** What to work on **
Reproduce the records exactly, but not the pictures.

** Data under study **
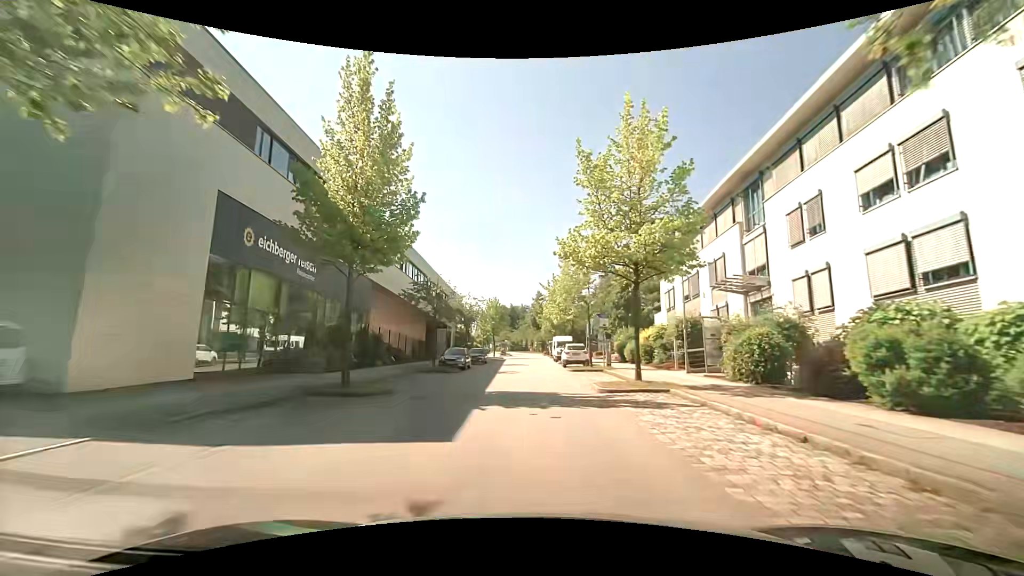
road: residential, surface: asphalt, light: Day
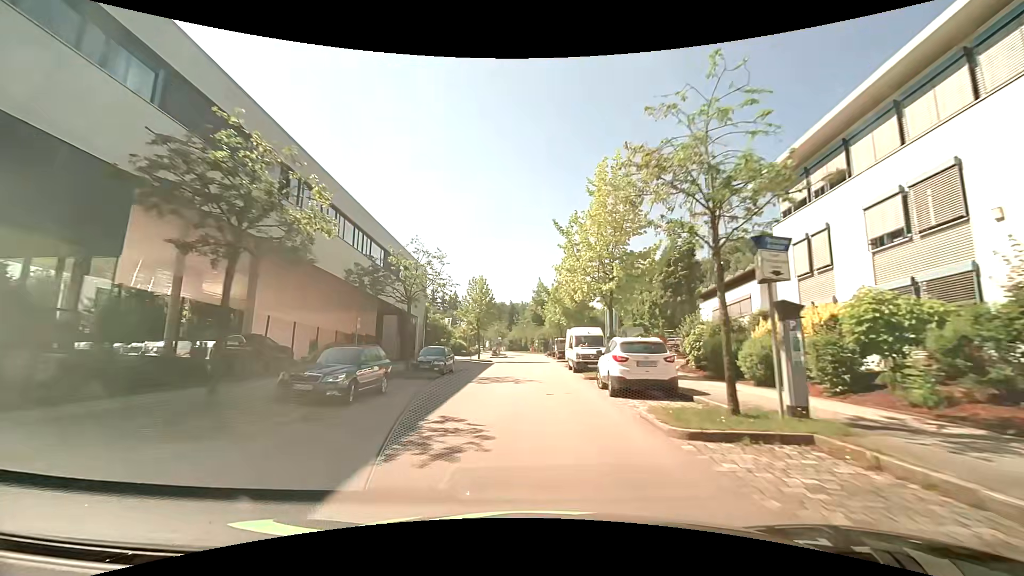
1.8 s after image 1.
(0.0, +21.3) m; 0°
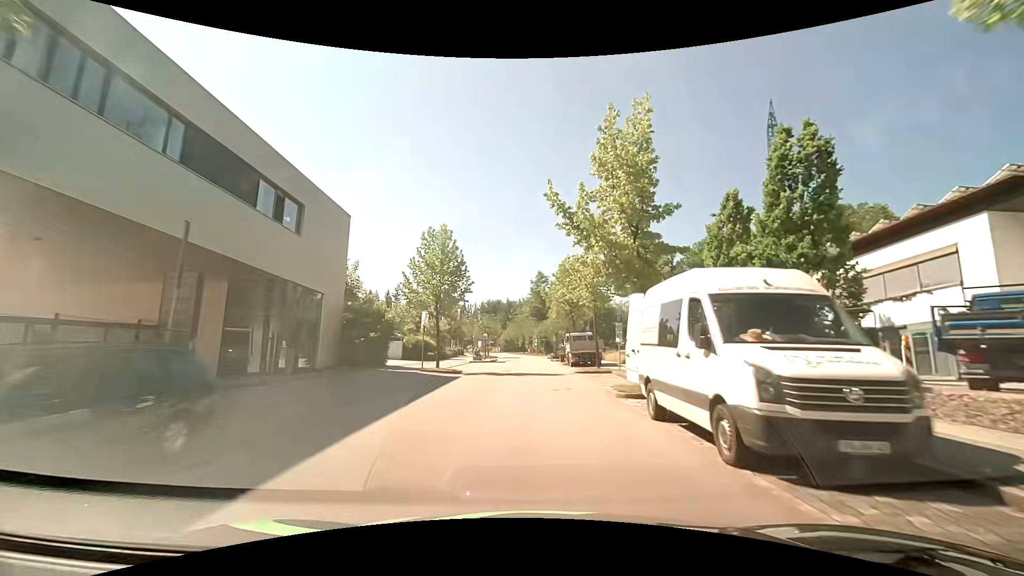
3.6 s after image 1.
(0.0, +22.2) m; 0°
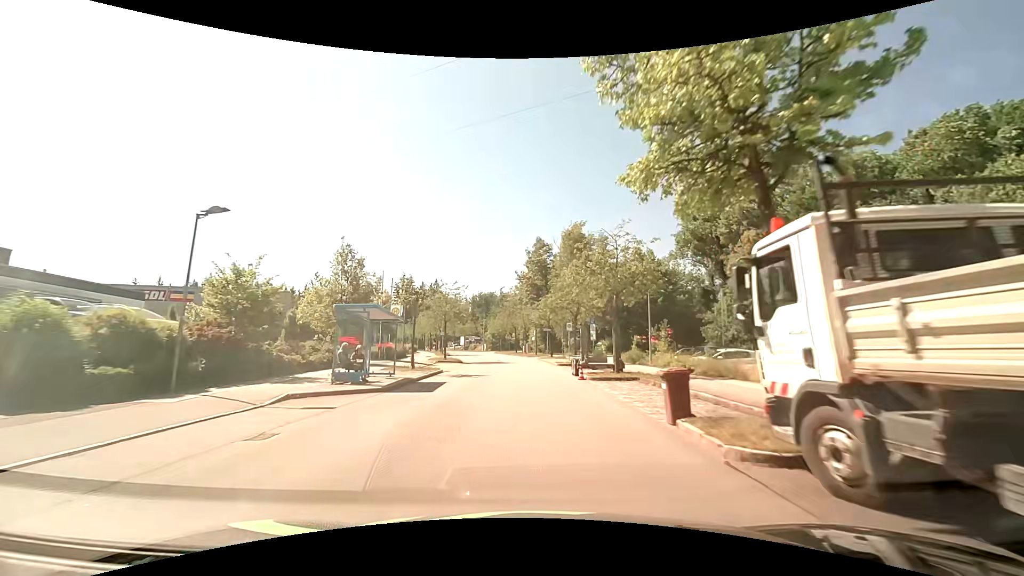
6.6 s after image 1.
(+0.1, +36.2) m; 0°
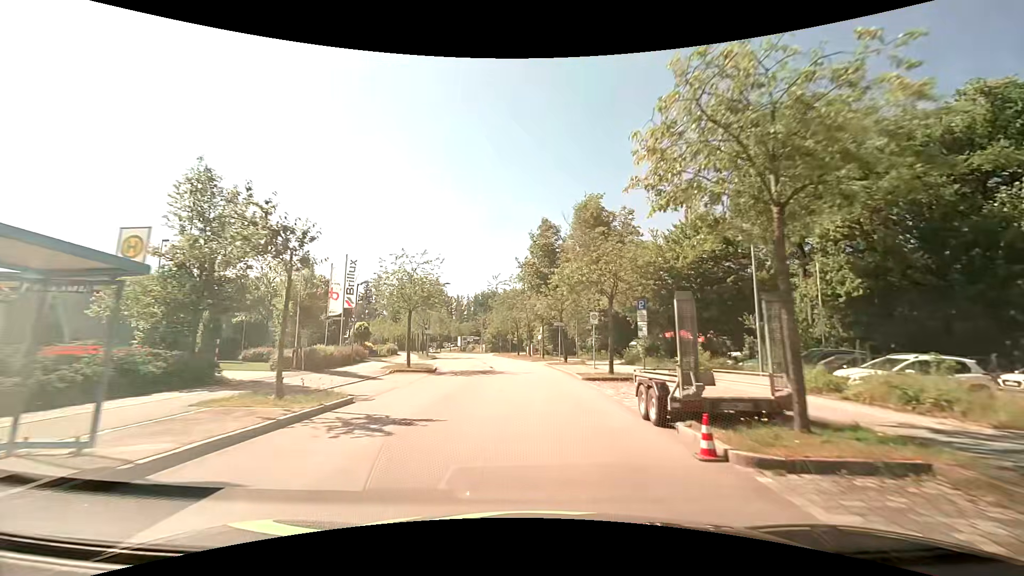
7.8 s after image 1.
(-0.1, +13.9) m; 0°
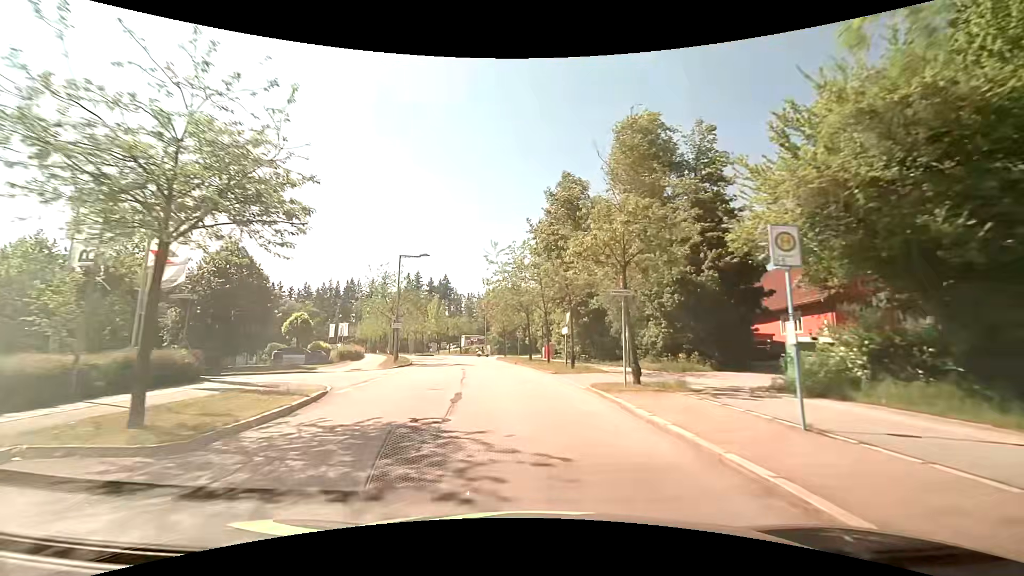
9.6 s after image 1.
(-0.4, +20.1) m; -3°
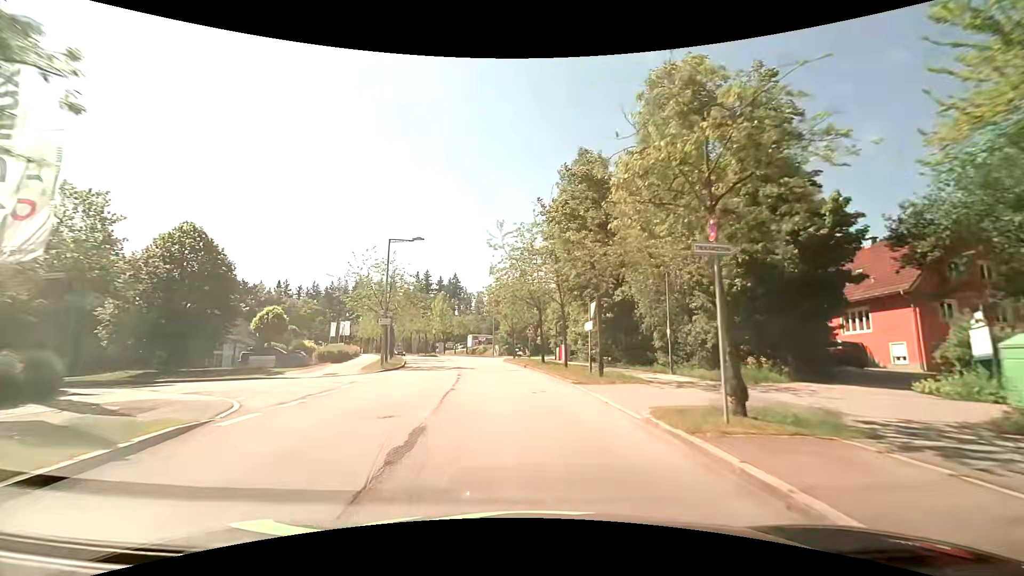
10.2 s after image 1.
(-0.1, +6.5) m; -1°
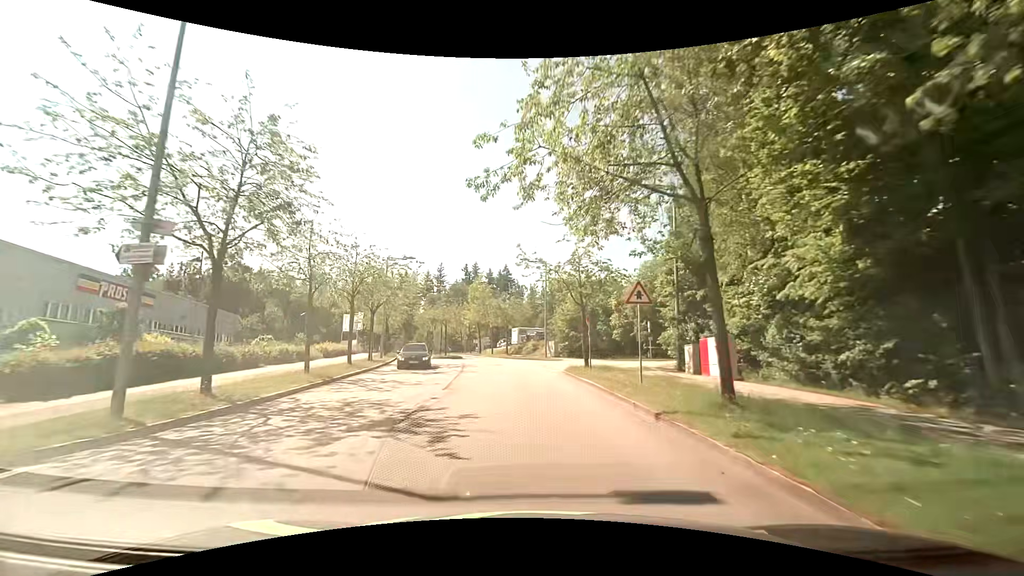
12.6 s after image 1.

** Result below **
road: residential, surface: asphalt, light: Day
1.8 s after image 1.
(0.0, +21.3) m; 0°
3.6 s after image 1.
(0.0, +22.2) m; 0°
6.6 s after image 1.
(+0.1, +36.2) m; 0°
7.8 s after image 1.
(-0.1, +13.9) m; 0°
9.6 s after image 1.
(-0.4, +20.1) m; -3°
10.2 s after image 1.
(-0.1, +6.5) m; -1°
12.6 s after image 1.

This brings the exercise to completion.